We will leverage the output of the JISC-funded Knowledge Blog platform, as a tool for coordination, publication and dissemination of this content. The result will be a publically accessible, high-impact resource of short, readable and accessible articles describing how to gather, manipulate and synthesise knowledge in biology. This will be of significant value in supporting the multidisciplinary research that is necessary for advance in modern biomedicine.

 

1. Introduction

1This document describes a proposal for a project within the JISC “e-Content” programme call.

2Modern biology is a rich, complex, multi-disciplinary field. In particular, practitioners need knowledge about how to access, organise and structure knowledge itself. As a result, members of the community often need to cross the boundaries of traditional societal structures within research. By definition, this is not well supported by the more formal structures that scientists use for the publication and dissemination of knowledge. So while the information exists, it is not accessible; hidden from the community on the desks and hard-drives of individuals.

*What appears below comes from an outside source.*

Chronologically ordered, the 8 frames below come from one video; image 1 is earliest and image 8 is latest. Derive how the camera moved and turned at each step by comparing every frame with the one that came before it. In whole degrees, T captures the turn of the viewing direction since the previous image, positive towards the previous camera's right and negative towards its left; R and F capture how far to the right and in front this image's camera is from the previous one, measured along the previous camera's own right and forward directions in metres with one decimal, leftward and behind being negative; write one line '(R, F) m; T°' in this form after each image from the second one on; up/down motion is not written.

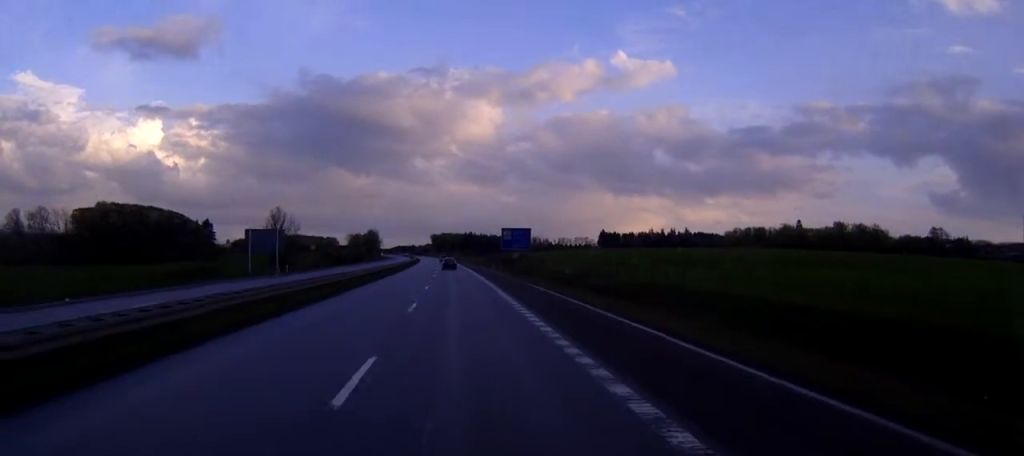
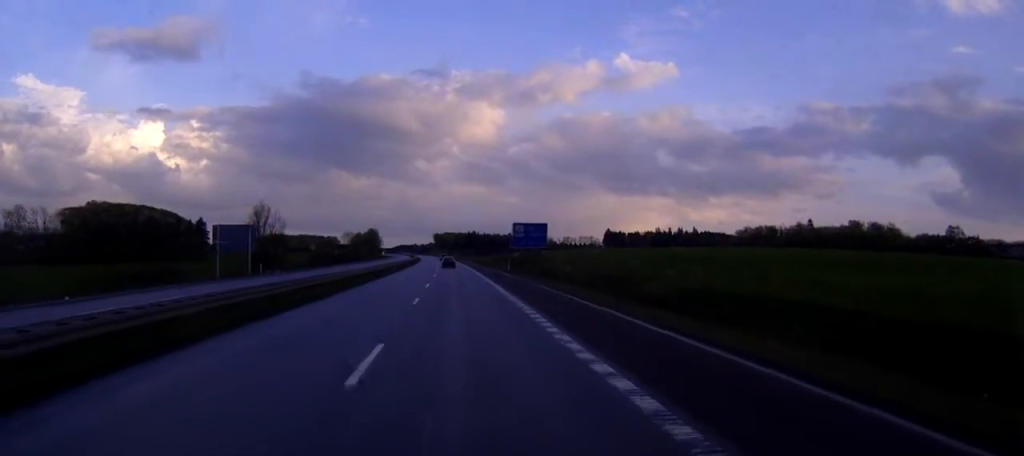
(0.0, +13.6) m; 0°
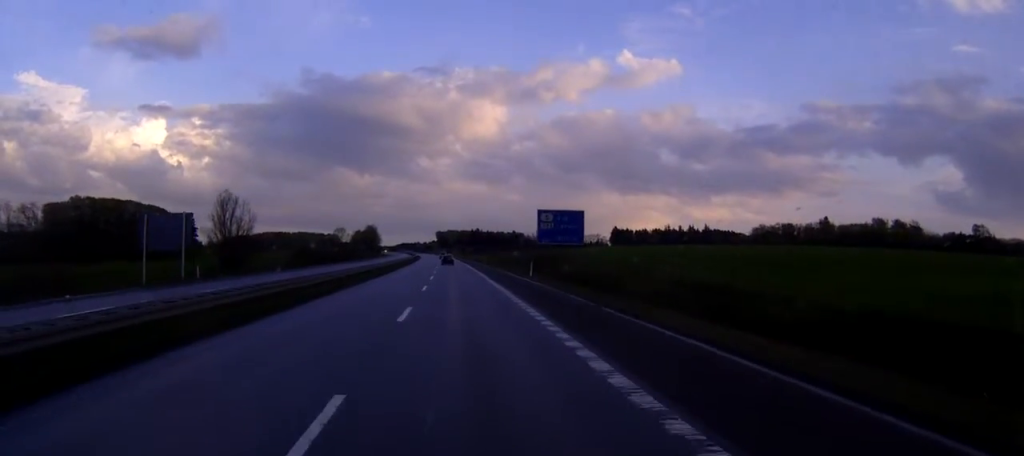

3One of the difficulties with migrating this community-based knowledge away from grey literature to a more openly-accessible archived and referenceable form is the lack of a formal reward structure. Although scientists may engage in this form of activity from a sense of public duty, this form of documentation is not critical for their career advancement, or for gaining academic creditability, and so it is rarely made a priority. While technological advances have made publication of this material straightforward, the social structure of science has not supported it. As a result, there is a large body of knowledge about how biologists conduct their work that is simply lost to the community, meaning considerable lost time and effort recreating this knowledge, only for it to be lost again.

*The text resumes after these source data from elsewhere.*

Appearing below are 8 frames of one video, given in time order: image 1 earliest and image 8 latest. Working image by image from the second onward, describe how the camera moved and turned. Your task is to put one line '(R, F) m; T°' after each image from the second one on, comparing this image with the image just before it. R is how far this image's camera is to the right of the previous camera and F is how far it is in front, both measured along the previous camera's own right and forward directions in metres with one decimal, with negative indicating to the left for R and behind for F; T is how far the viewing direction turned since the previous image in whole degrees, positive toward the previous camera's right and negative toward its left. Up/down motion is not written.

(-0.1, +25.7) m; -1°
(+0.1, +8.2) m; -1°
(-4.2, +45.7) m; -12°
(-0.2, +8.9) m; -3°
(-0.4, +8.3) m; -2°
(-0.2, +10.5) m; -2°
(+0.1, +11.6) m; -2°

4We plan to circumvent this societal barrier using a novel approach – we will directly commission the authoring and reviewing of articles embodying this content. As the knowledge will often be readily available to individual members of the community, and we are aiming for articles which are neither of the size nor complexity of formal research publications, it will be possible to generate a substantial body of content, at relatively low-cost.

5An ideal mechanism for publication of this knowledge has already been funded by JISC as a part of the “Managing Research Data” programme. This is the Knowledge Blog project: a light-weight publication tool, that integrates well with scientists’ existing work-practices, based around a commodity blogging engine. This ‘Knowledge in Biology’ project (KiB) will utilize the work from Knowledge Blog, to the benefit of both: this project will gain a technological underpinning at little cost – Knowledge Blog already exists and will require a small increase in resources to manage the additional content and traffic; Knowledge Blog will gain substantial content and enormously increased visibility.

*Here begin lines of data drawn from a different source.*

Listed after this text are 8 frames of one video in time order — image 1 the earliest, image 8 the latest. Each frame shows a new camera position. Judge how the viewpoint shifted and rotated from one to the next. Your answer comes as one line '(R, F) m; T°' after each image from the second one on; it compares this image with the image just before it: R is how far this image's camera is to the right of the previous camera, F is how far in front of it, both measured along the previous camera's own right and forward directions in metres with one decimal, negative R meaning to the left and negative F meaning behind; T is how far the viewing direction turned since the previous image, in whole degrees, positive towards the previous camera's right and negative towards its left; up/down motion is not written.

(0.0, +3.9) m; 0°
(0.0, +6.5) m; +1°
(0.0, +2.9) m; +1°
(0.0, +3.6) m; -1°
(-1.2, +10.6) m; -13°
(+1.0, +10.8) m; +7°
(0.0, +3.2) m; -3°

6The KiB project will provide a small amount of funding for the management and commissioning of articles, but the majority of the funds will be spent by using individually small amounts of money, crowd-sourcing the development of a novel digital content resource, engaging the community of biomedical researchers, both as authors and reviewers. The content will address key issues relating to knowledge in biology such as, data standards, linked data, knowledge in synthetic biology and statistical approaches to knowledge, as well as “softer” issues such as the use of Web 2.0, the social web, and the blogosphere as tools for the biomedical researcher.

2.1 WP1 – Knowledge Blog (k-blog) maintenance and support

 

7The primary purpose of this proposal is to generate significant quantities of digital, community-developed content. The k-blog platform already exists, supported by a previous JISC call. We are not, therefore, proposing to make significant enhancements to either the process or the software in the course of this project. However, the additional load placed on the platform will require a small amount of administrative work in terms of maintenance.

8In addition, we will need to provide support to the users of the platform; while k-blog is relatively easy-to-use, issues do arise with authoring, with formatting or with exceptional requests (for example, multi-media documents).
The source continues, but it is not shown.